(13) THE EFFECT OF AN 8-WEEK HIGH- VS. LOW-VELOCITY RESISTANCE TRAINING PROGRAM ON MAXIMAL FORCE AND RATE OF FORCE DEVELOPMENT IN OLDER ADULTS

Purpose: The purpose of this study was to examine the effect of an 8-week high- vs. low-velocity lower body resistance training (RT) program on maximal force and rate of force development (RFD) in older adults (OA).

Methods: Eighteen OA volunteered to complete an 8-week RT program (2 x per week) and were randomly assigned to a high- (HV; n=9; age=70±6 y) or a low-velocity RT group (LV; n=9; age=74±7 y). Movement speed for each training repetition was assessed using a linear position transducer during belt squat movement. Subjects in the HV and LV were required to move at a mean velocity above 0.7m/s and between 0.25-0.3 m/s, respectively. Load was adjusted to ensure movement speed was within appropriate ranges and participants were encouraged to move the load as quickly as possible. Isometric maximal force and RFD production were assessed before (PRE) and after (POST) 8-weeks of RT. Peak force (PF) was defined as the highest 500 ms epoc of force (N) achieved during maximal voluntary isometric contraction (MVIC). Peak RFD (pRFD; N•s^-1) was assessed as the highest positive peak of the first derivative of the force-time curve collected during the rapid MVIC (rMVIC).
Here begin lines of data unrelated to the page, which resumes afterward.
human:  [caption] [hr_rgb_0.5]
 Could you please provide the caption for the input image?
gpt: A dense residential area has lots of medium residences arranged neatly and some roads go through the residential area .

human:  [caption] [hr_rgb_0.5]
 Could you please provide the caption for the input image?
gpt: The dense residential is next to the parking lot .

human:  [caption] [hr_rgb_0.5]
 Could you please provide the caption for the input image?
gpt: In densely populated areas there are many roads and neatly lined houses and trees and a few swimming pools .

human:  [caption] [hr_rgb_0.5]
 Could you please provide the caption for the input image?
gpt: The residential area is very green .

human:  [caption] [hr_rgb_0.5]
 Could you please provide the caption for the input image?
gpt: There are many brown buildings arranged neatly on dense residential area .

Further, early phase RFD was defined as the highest slope during the first 50ms (RFD₅₀) and late phase RFD was defined as the steepest slope during the 100-200ms (RFD_100-200) of the force-time curve of the best of two rMVIC. All data was calculated offline using custom-written software. Separate 2(condition)×2(time) repeated measures ANOVAs were run to identify differences between groups for PF, pRFD, RFD₅₀, and RFD_100-200. An independent t-test was used to examine the difference in exercise volume (repetitions/load) between HV vs. LV and Hedges’ g was used to estimate effect size. 

Results: There were no significant (p ≥ 0.05) interactions or main effects for time for PF, pRFD , RFD₅₀ , and RFD_100-200. Small effect sizes were observed for PF from PRE-POST in both HV (PRE: 375.46±56.93N vs. POST: 377.9±59.0N, g=-0.1) and LV (PRE 326.5±97.2N vs. POST 317.2±81.7N, g=0.2). Large effect sizes were observed for pRFD in both HV and LV from PRE – POST (HV: PRE = 2230.0±727.0N•s^-1 vs. POST = 2560.4±642.2N•s^-1, g=-1.0; LV: PRE = 1808.3±660.3N•s^-1 vs. POST = 1424.2±458.2N•s^-1, g=-1.4). Small to large effect sizes were observed in RFD₅₀ from PRE-POST in HV (PRE 1312.2±902.5N•s^-1 vs. POST 1194.4±600.2N•s^-1, g=0.3), and LV (PRE 782.8±542.8N•s^-1 vs. POST 561.3±501.5N•s^-1, g=0.9). Small effect sizes were observed in RFD_100-200 from PRE-POST in HV (PRE 1888.3±687.4N•s^-1 vs. POST 1813.2±452.4N•s^-1, g=-0.3) and LV (PRE 1009.5±392.1N•s^-1 vs. POST 955.8±369.27, g=0.3). There were no significant differences in average total volume between groups (p=0.3, g=0.6).

Conclusions: When volume matched, explosive force  production (i.e., pRFD) was increased in the HV and reduced in the LV from PRE-POST suggesting HV improved or maintained explosive force production compared to the LV. Both the HV and LV groups had little change and small effect size in PF suggesting both groups-maintained maximal isometric strength from PRE-POST. Therefore, these data then suggest that movement velocity may be influential in explosive force production adaptations following RT. PRACTICAL APPLICATIONS: These data provide practitioners and strength and conditioning professionals with additional data to design training prescription for their older adult clients.

Acknowledgements: This study was funded by the NSCA through the young investigator grant.